Other models either required constant re-prompting to stay on task or lost coherence across the full set of deliverables.

What we're still learning

This approach has worked well through internal deployment. Building a real tool for real grant writers forced us to confront practical challenges.

What we don't yet know:

Long-term workspace maintenance: How does the workspace evolve as a company submits dozens of grants over months or years?
Multi-user collaboration: How do multiple team members work in the same workspace document without conflicts?
Knowledge transfer: How do insights from one successful grant inform future proposals?
Error recovery: When the agent generates incorrect content, how do we efficiently get back on track?

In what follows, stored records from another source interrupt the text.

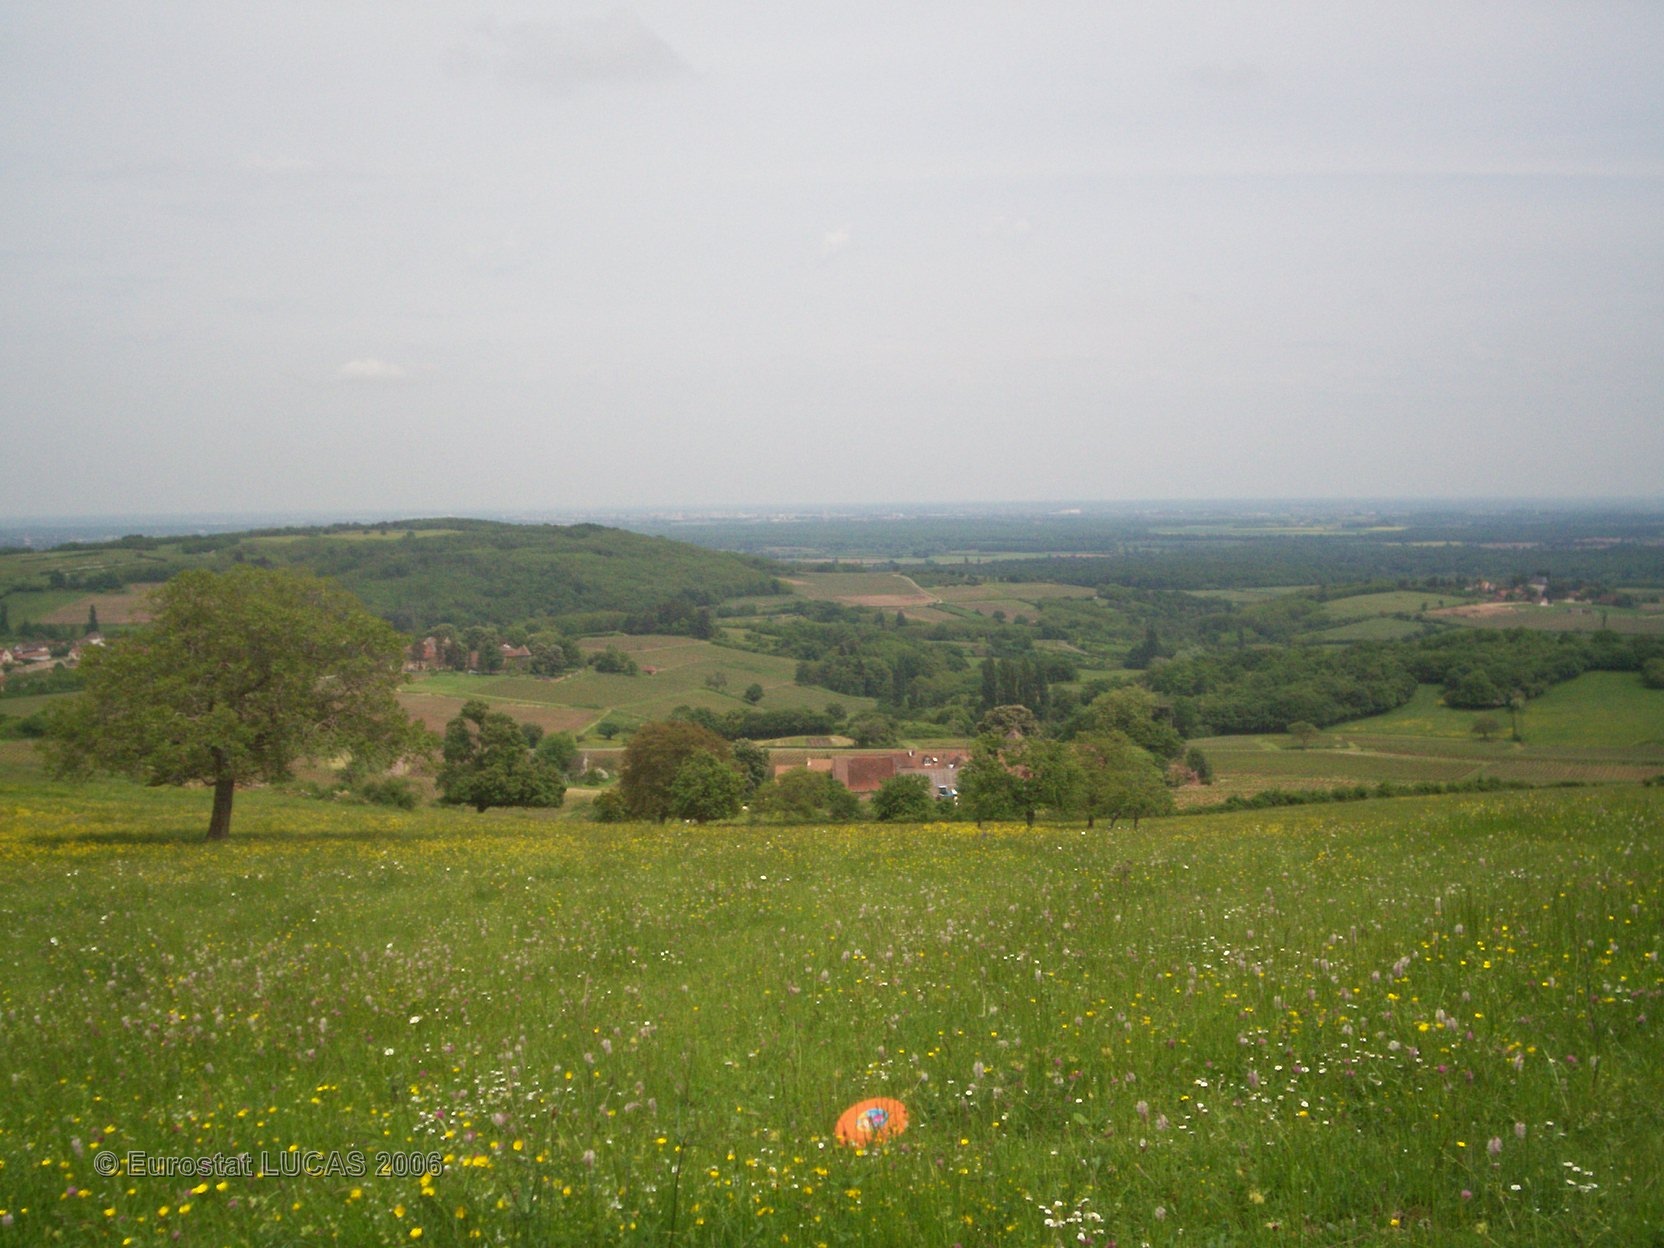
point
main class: Grassland
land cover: Grassland without tree/shrub cover
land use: Agriculture (excluding fallow land and kitchen gardens)
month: May
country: FR
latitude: 46.7240
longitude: 4.6759
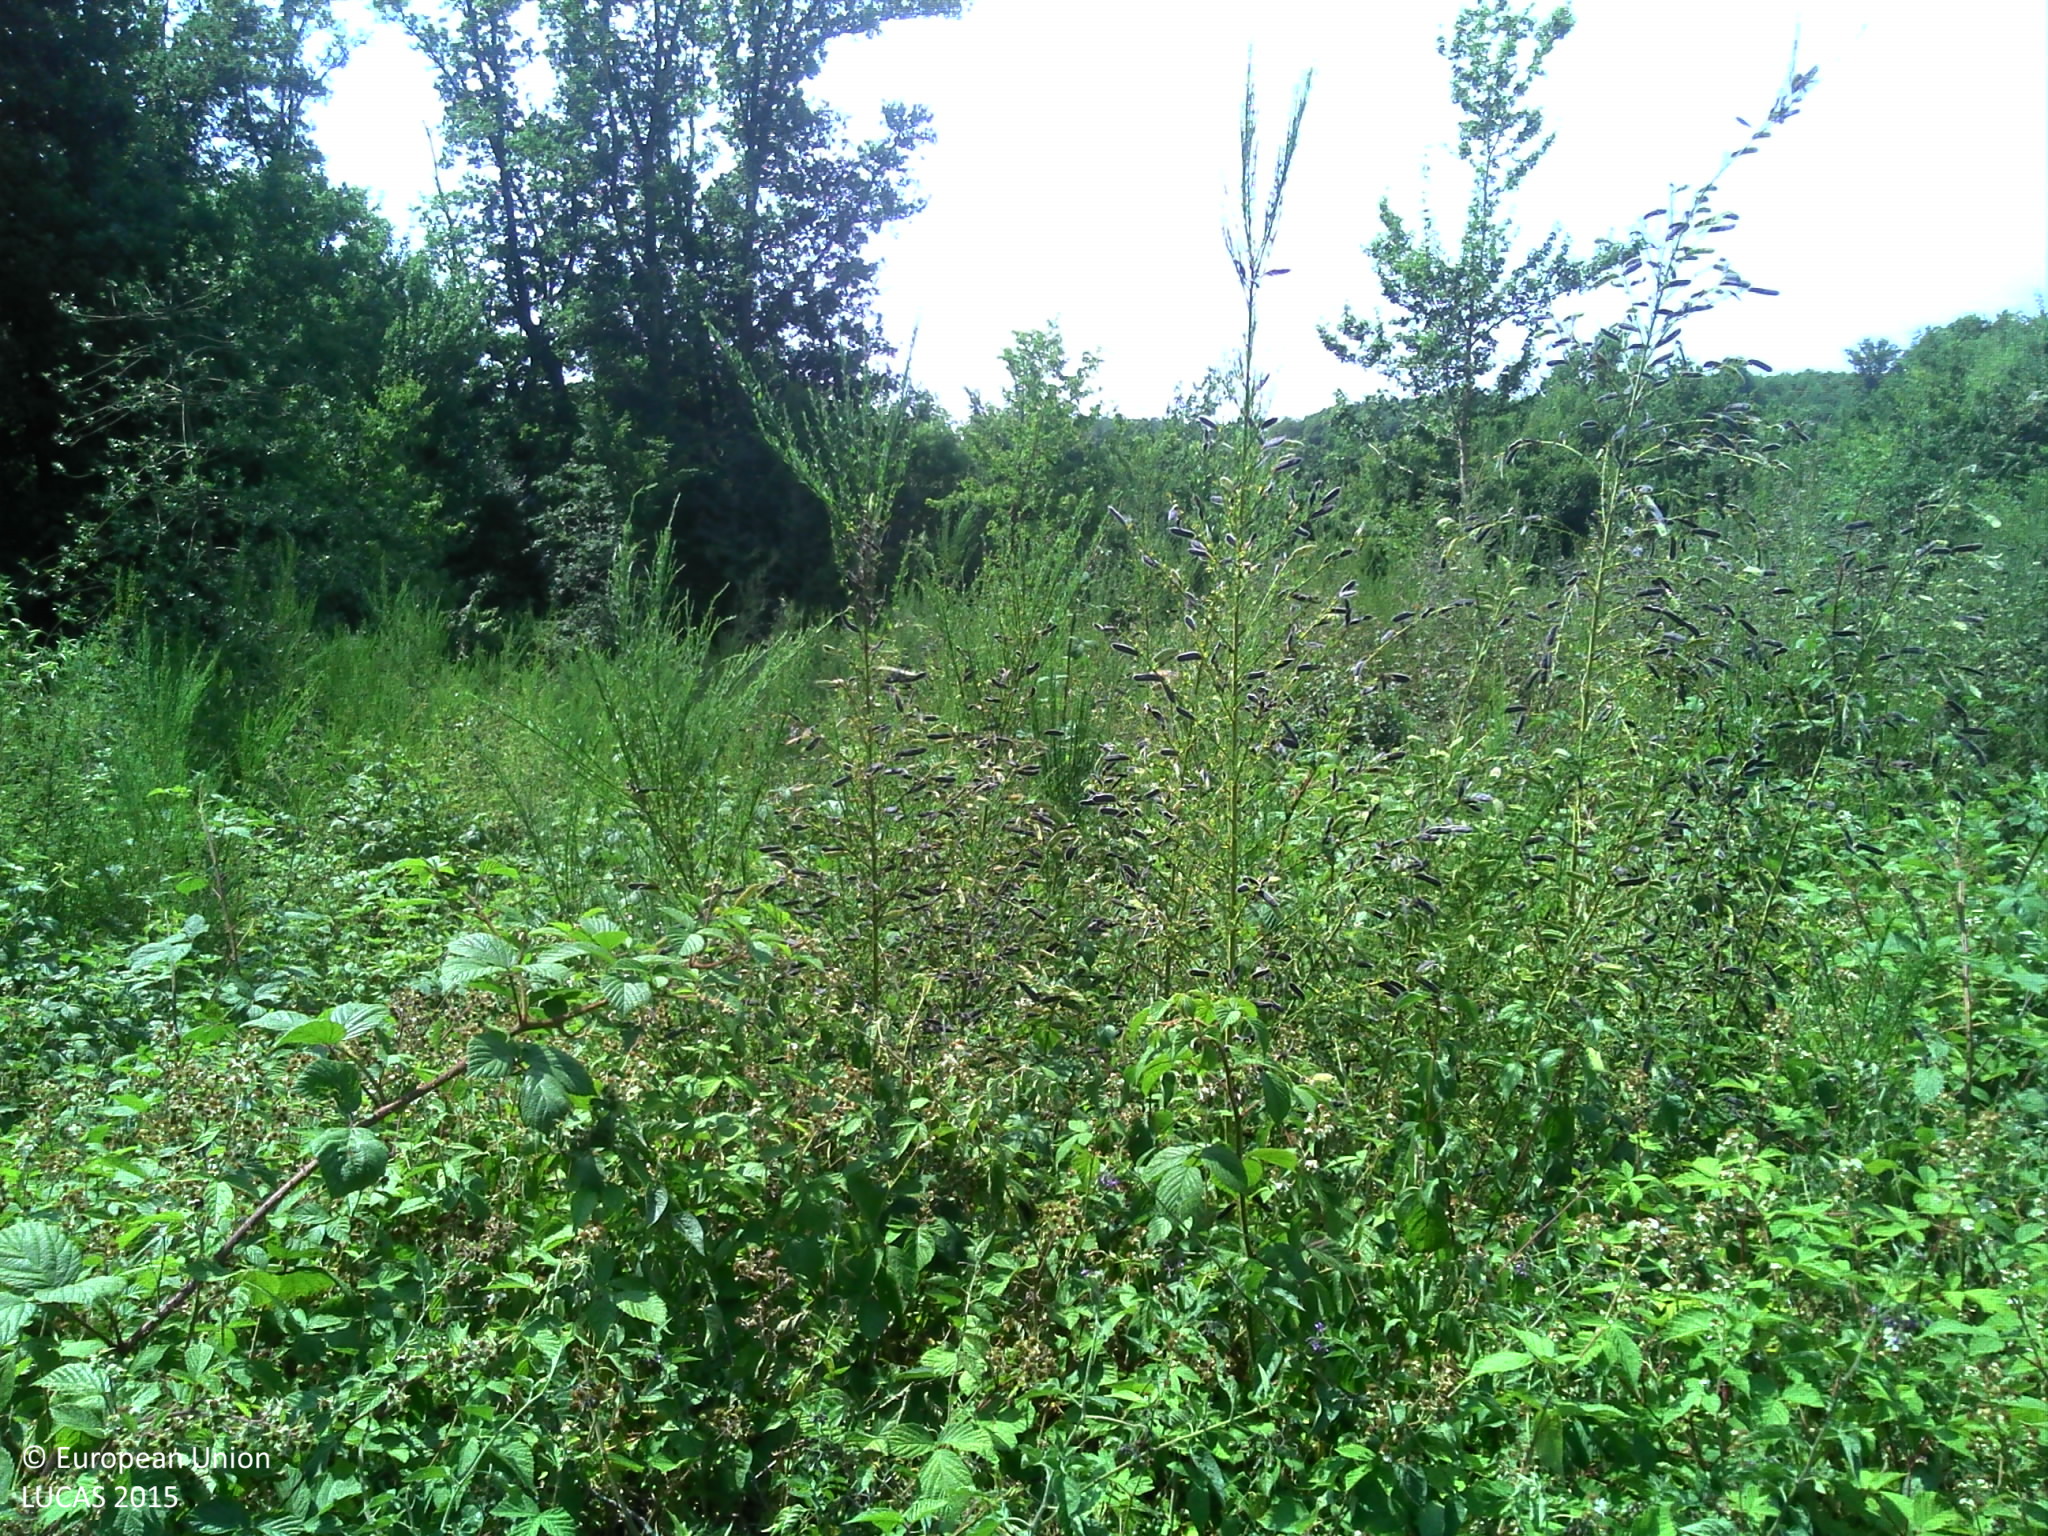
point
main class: Shrubland
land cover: Shrubland without tree cover
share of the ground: > 75 %
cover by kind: herbaceous plants 60 %, shrubs 40 %
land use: Forestry
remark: Clear cut
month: July
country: FR
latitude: 48.8119
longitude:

The broader lesson: memory architecture matters

The core insight from building this agent extends beyond grant writing: When building agents for knowledge work, memory architecture matters as much as model capability.

We spent as much time designing:

How the agent stores and retrieves information
What metadata makes content discoverable
Which tools enable efficient navigation
How context is structured for decision-making

...as we did on the actual writing quality.

The traditional LLM approach (dump everything into the context window and hope for the best) doesn't scale for complex, multi-session work. You need:

Persistent storage that outlives conversations
Structured metadata that makes content discoverable
Selective context loading that keeps the working memory focused
Tools that enable navigation rather than brute-force search
Planning and reflection capabilities for complex workflows

These architectural decisions transformed our agent from a one-shot document generator into a persistent assistant that could work alongside humans across days or weeks.